I have referred to a few other elements of natural capital such as water, minerals, stone, gravel and energy sources, whether oil or gas. They are all part of the natural capital that is fundamental to our manmade economy and society. We could not have a manmade economy if it was not underpinned by all those elements. Our failure to adequately protect our natural capital could well be a fatal step towards an economy that diminishes severely over time.

One of the problems is that efforts to protect our natural capital have too often been made on the basis of the intrinsic or aesthetic value of, say, woodlands, uplands, clean streams or bird populations. I accept that we may succeed in better protection if we explicitly demonstrate the value that society places on our natural assets, thereby protecting and maybe even enhancing them for future generations. The Natural Capital Committee is part of that effort. The first annual report of the NCC earlier this year contained a number of important recommendations, and I wonder if my noble friend would be able to comment on one of them. The NCC stated that,

“the Government’s efforts to reform the Common Agricultural Policy be intensified, with a long-term view to phasing out Pillar one support and moving subsides towards Pillar two and the provision of public goods”,

and thereby,

“securing as much flexibility as possible in how funding can be allocated for the period 2014-2020”.

If my noble friend could tell us how that work is going, I would be grateful. Will he also encourage the NCC to consider who should be the innovators of these approaches? Clearly, there will need to be some pilot areas; the national parks are one obvious example, but what about the Crown Estate? It is also responsible to the Treasury, and there it is with swathes of our natural capital under its management. Surely it should be a cradle of innovation.
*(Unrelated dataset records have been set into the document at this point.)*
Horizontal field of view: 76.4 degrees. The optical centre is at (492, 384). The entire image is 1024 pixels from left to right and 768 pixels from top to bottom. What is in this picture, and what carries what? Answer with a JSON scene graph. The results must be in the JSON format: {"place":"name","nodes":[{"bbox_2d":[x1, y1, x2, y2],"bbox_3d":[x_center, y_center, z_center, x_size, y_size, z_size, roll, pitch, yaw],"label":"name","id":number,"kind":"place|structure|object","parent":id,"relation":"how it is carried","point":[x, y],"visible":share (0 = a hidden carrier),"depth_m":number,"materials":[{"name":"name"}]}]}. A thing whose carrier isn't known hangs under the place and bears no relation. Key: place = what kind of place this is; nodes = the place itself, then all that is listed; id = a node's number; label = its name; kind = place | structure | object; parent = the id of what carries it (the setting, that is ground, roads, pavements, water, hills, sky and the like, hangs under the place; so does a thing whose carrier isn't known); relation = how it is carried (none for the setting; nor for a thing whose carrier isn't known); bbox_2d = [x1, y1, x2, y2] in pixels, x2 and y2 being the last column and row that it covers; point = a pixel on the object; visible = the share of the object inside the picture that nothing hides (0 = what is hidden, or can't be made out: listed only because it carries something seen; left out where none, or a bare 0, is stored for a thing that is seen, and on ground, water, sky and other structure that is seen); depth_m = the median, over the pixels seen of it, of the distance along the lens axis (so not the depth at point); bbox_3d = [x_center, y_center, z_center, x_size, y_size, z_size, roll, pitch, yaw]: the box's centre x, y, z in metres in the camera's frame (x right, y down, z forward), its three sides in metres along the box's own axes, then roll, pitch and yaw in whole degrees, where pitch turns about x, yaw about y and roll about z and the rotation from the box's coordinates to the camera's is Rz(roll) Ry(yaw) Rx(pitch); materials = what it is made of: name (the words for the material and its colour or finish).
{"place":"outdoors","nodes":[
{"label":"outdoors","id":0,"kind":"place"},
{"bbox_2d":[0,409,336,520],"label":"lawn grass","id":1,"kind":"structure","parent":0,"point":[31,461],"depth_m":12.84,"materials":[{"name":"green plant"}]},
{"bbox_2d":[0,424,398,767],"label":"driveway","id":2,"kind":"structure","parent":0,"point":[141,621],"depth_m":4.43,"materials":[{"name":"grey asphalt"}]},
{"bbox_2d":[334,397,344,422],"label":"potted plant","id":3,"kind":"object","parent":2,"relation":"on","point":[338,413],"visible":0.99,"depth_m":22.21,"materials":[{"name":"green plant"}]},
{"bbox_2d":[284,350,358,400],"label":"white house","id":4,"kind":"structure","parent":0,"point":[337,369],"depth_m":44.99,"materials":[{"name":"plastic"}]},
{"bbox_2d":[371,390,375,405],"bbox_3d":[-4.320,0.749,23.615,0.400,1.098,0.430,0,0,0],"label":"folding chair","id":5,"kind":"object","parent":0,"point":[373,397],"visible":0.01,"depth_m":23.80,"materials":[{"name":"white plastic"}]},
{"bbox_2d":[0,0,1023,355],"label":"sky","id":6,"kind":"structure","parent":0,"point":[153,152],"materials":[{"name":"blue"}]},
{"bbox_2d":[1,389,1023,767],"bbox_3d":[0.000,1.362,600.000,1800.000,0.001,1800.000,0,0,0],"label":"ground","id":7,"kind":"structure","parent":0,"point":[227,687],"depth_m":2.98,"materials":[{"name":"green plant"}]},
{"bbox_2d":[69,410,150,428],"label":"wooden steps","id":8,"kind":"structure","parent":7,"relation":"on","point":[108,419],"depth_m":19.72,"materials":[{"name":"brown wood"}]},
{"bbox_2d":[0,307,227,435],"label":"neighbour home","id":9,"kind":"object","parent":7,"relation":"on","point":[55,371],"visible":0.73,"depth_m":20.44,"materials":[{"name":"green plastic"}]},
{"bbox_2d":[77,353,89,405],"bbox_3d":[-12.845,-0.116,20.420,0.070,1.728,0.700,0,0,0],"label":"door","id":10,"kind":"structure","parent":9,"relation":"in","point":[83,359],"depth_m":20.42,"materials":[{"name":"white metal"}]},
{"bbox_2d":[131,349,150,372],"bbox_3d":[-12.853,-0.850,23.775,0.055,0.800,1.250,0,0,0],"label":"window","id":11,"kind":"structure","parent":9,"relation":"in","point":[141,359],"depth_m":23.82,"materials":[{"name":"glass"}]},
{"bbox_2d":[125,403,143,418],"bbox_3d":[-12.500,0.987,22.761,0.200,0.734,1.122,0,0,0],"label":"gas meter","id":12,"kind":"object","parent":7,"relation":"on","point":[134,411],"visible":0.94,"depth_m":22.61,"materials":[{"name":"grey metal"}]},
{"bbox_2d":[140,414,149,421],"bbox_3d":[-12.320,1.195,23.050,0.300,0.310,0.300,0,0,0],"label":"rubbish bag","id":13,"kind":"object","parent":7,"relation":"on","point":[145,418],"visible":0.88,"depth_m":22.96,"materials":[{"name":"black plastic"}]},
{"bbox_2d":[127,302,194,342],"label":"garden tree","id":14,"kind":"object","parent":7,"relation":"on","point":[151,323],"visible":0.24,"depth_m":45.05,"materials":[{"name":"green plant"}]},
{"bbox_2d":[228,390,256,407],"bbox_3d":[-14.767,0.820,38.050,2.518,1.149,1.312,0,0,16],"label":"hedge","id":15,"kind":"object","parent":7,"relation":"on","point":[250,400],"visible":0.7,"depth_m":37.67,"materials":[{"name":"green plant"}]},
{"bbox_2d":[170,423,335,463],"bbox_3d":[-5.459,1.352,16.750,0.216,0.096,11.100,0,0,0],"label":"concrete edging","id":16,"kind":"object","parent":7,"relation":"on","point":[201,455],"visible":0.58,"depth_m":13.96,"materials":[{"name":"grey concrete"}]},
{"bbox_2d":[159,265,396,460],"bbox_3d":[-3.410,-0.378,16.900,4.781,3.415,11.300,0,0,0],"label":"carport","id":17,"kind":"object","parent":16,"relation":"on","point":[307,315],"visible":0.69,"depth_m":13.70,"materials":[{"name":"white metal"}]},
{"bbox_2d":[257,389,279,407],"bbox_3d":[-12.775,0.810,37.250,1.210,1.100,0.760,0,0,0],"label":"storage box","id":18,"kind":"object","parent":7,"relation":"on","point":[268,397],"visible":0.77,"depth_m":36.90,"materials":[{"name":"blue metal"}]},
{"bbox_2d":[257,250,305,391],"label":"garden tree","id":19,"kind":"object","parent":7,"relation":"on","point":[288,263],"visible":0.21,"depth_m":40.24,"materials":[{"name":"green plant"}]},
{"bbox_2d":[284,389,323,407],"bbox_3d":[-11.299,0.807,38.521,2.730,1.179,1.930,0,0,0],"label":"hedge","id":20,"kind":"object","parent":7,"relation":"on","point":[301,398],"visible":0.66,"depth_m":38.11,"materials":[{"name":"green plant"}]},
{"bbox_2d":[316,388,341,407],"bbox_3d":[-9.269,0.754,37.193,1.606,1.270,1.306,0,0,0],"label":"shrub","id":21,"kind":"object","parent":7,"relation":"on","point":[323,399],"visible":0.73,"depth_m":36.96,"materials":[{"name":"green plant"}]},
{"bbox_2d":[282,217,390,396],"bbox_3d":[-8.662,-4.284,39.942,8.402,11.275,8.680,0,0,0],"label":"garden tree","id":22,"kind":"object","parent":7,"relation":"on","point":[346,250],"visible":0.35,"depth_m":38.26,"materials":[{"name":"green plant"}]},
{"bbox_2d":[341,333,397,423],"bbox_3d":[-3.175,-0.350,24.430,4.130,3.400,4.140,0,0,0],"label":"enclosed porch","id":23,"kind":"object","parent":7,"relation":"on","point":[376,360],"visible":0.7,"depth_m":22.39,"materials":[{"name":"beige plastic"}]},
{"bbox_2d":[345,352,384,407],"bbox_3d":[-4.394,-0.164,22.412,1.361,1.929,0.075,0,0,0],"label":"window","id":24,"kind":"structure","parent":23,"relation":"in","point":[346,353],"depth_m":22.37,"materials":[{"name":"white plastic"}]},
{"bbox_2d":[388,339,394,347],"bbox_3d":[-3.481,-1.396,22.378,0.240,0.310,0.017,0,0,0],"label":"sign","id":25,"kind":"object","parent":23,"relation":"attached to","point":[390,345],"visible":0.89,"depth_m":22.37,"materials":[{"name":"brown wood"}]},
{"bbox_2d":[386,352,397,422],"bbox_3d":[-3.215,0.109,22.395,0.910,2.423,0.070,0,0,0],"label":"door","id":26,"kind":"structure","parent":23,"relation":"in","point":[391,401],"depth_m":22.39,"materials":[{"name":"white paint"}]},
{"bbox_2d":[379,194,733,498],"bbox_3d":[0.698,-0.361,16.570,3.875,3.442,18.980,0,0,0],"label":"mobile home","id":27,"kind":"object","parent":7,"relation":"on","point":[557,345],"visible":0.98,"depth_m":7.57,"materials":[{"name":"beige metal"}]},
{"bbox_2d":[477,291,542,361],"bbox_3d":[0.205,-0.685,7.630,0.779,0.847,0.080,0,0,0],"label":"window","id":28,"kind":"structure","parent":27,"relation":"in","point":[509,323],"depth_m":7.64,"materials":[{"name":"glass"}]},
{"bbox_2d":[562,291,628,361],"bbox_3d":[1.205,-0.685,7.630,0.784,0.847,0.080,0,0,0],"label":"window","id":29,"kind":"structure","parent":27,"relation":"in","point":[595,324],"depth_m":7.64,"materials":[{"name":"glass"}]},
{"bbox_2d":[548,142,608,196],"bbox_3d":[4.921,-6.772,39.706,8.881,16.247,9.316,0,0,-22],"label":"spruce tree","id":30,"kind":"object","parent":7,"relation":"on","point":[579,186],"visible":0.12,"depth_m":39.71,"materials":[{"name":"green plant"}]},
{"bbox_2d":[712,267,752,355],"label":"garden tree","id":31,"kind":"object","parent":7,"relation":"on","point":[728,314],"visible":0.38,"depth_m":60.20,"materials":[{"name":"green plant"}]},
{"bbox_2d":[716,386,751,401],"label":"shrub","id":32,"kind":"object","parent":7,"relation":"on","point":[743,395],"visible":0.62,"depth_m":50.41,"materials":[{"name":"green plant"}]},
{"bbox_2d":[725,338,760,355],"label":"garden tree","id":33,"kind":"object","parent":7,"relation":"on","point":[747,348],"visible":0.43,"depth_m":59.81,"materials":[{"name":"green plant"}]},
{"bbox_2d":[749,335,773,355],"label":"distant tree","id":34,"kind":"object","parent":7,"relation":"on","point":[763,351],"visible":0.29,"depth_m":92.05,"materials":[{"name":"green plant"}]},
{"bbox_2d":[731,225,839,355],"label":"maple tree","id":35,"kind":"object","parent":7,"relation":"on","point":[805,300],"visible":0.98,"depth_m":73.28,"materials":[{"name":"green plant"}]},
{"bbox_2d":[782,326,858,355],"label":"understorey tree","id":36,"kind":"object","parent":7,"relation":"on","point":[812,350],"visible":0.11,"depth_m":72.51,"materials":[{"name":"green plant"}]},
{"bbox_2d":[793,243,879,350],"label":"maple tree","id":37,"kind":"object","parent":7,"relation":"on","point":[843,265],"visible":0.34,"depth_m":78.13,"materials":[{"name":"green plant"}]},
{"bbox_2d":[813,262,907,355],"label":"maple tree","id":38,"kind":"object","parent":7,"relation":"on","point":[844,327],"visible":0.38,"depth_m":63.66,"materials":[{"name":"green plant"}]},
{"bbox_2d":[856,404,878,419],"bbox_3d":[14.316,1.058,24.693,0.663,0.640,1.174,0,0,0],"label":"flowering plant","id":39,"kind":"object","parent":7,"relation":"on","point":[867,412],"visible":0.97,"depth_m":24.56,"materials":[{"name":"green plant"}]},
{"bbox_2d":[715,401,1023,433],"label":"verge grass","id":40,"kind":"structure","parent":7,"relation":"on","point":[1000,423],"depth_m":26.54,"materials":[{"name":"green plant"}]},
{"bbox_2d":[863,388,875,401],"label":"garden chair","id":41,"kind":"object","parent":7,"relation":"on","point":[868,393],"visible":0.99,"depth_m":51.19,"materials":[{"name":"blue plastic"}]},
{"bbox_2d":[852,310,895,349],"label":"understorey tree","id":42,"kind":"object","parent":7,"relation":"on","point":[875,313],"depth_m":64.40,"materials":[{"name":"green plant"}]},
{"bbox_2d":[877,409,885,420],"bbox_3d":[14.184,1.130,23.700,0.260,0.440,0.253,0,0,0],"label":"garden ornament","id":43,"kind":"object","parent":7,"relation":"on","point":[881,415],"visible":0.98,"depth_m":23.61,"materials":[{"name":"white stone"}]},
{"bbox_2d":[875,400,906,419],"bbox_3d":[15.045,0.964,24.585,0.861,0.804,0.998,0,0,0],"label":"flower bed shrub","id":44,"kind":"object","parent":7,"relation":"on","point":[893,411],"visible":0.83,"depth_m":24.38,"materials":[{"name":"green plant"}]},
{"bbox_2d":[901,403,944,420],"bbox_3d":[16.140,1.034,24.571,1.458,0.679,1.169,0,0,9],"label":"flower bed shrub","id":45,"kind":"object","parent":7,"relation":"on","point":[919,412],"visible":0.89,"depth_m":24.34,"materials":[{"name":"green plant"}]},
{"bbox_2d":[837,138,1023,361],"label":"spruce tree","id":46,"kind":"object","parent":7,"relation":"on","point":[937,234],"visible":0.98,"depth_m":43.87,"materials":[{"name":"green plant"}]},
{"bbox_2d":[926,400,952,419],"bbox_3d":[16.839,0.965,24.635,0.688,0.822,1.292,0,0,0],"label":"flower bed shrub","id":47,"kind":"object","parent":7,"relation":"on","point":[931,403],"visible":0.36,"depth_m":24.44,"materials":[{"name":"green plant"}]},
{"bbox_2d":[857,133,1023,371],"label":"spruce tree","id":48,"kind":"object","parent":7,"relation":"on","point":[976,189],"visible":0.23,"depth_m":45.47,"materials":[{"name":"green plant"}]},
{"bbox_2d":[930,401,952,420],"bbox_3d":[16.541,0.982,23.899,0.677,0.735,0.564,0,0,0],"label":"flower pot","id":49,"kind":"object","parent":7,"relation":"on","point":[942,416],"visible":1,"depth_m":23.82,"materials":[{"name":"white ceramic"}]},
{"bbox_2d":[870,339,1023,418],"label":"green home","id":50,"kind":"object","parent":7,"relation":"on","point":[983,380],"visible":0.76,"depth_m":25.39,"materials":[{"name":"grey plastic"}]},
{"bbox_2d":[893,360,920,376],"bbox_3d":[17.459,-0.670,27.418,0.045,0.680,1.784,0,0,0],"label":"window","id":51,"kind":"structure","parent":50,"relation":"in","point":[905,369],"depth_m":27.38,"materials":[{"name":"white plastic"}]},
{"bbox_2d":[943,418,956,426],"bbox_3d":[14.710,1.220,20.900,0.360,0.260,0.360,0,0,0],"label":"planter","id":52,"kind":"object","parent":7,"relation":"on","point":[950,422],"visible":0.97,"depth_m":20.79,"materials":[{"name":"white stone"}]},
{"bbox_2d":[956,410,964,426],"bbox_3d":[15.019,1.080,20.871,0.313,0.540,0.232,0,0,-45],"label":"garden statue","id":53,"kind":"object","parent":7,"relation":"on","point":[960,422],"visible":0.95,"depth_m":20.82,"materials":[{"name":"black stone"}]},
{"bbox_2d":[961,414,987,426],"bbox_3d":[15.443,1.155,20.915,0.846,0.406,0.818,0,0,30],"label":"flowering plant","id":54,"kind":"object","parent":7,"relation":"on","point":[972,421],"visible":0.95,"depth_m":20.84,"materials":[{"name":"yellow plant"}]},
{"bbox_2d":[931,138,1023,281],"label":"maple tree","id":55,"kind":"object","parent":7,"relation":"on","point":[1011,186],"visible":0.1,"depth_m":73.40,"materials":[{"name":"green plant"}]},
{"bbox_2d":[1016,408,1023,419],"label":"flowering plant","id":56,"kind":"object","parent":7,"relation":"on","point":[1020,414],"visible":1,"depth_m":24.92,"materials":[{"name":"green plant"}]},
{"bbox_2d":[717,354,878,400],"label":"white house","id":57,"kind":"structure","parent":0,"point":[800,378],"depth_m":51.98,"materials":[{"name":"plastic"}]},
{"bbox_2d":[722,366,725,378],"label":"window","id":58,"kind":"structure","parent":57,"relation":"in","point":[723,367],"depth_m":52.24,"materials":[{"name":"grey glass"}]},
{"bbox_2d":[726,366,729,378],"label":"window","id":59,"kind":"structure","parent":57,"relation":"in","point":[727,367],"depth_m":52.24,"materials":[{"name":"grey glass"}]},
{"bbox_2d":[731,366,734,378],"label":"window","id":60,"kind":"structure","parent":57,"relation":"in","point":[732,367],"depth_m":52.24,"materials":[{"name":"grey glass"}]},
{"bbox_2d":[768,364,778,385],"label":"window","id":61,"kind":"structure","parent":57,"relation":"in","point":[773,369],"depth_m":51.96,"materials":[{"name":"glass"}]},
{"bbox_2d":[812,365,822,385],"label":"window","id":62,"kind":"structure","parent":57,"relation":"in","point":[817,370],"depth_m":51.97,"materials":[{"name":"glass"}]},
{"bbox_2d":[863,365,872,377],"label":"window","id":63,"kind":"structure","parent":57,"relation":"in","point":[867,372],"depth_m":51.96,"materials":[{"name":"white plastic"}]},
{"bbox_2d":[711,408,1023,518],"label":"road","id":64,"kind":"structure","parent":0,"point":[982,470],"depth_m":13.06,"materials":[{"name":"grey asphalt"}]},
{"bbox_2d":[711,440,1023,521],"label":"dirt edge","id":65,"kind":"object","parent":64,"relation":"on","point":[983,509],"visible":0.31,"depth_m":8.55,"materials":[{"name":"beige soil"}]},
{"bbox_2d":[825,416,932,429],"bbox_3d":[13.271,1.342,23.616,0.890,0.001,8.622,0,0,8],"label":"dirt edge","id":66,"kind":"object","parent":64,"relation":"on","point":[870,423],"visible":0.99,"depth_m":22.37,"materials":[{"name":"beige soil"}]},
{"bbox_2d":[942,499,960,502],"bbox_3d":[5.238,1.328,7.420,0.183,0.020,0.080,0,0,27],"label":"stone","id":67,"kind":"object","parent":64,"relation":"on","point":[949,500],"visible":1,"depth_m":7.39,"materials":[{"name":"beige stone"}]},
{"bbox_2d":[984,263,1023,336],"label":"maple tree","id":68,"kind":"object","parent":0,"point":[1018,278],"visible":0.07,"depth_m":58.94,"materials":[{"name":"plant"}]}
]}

I have a few comments to make on the NCC itself. It held a useful open event at the Royal Society and its first annual report is quite readable. However, the minutes of the NCC are dry to the point of desiccation. This is important because it needs to be outward facing if it is to succeed in integrating the thinking that is being developed into the mainstream and make it the discussion of the day in boardrooms. It will also need to develop some work with institutions such as Cranfield because it is disappointing to read that the Committee concluded,

“that it is not currently possible to identify with any certainty precisely which natural capital assets are being used unsustainably, especially given the available data and knowledge about limits and thresholds”.
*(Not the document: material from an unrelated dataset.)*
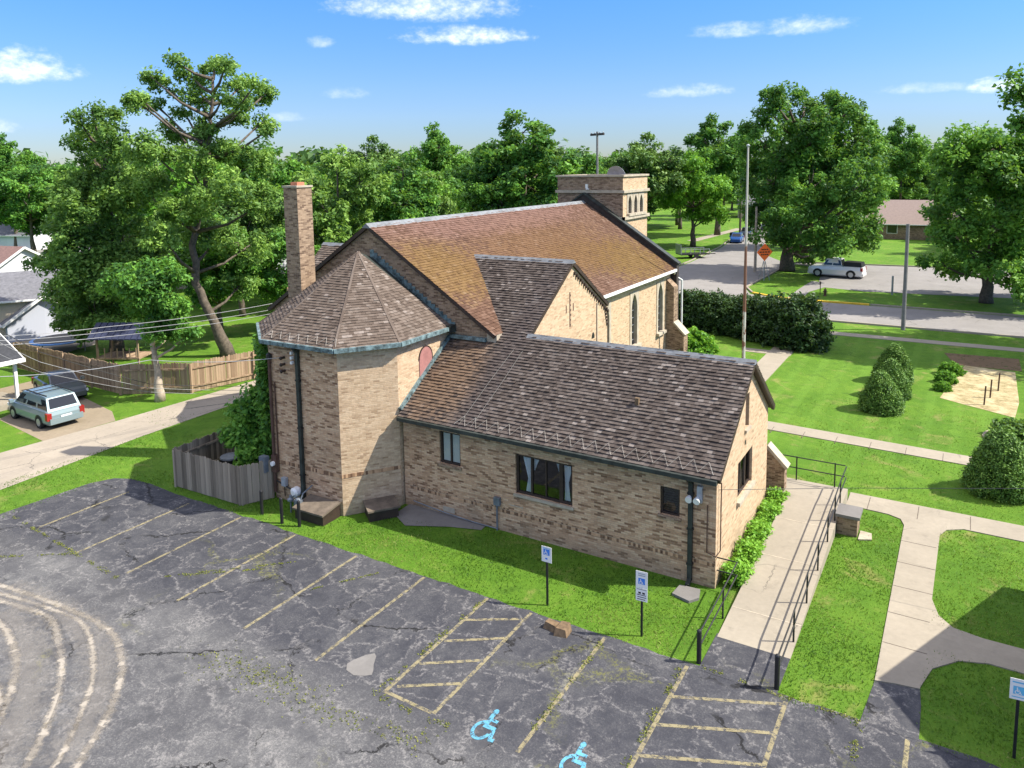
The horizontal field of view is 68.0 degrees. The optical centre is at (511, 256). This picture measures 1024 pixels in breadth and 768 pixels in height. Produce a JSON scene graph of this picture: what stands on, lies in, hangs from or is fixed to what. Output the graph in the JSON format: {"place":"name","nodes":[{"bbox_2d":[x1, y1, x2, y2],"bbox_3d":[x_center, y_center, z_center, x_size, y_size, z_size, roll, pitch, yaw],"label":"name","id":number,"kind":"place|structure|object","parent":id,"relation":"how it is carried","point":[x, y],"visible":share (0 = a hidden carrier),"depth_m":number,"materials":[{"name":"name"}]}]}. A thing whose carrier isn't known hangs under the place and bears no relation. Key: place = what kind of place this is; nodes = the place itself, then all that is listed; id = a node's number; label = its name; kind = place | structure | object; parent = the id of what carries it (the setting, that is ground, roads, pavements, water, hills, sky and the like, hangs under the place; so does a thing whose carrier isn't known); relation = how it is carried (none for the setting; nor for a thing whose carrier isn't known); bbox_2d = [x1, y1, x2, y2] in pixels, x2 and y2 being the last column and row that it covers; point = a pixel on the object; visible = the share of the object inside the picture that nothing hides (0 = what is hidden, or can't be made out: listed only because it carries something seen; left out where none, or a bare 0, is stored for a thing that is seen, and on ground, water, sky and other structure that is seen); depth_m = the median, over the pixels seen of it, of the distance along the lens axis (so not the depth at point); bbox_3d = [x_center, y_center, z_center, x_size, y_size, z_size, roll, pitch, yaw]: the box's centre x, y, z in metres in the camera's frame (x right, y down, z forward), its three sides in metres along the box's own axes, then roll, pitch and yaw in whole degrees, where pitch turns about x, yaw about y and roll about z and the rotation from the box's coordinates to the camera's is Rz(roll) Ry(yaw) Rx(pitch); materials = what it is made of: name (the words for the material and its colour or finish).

That seems to be under-ambitious, although the Committee does go on to say that the rate at which natural assets are being consumed is “unprecedented”.

In conclusion, I must say that there are plenty of cynics out there who think that the NCC is just a way to suggest that the Government are after some green credentials. Whether that is the case or not will be proven in whether policies start to shift in decision-making across all departments, and by the Treasury itself in the way it allocates resources. We need some startling, if welcome, decisions and some much more radical policies.

The next debate, which my noble friend is also going to answer, is on the Thames Tideway Tunnel. That is a good example of what I am talking about. Faced with the same sort of problem as London, the city of Philadelphia chose a radically different solution, avoided many costs, enhanced its environment amazingly and brought solutions down to a neighbourhood scale. The NCC is perhaps looking at such worldwide examples of practice that could help its deliberations, and I hope that the noble Lord, Lord Berkeley, may go into the Philadelphia example. The NCC is subject to review in 2014, and I certainly hope there will be no question but that it should continue. We really need its work.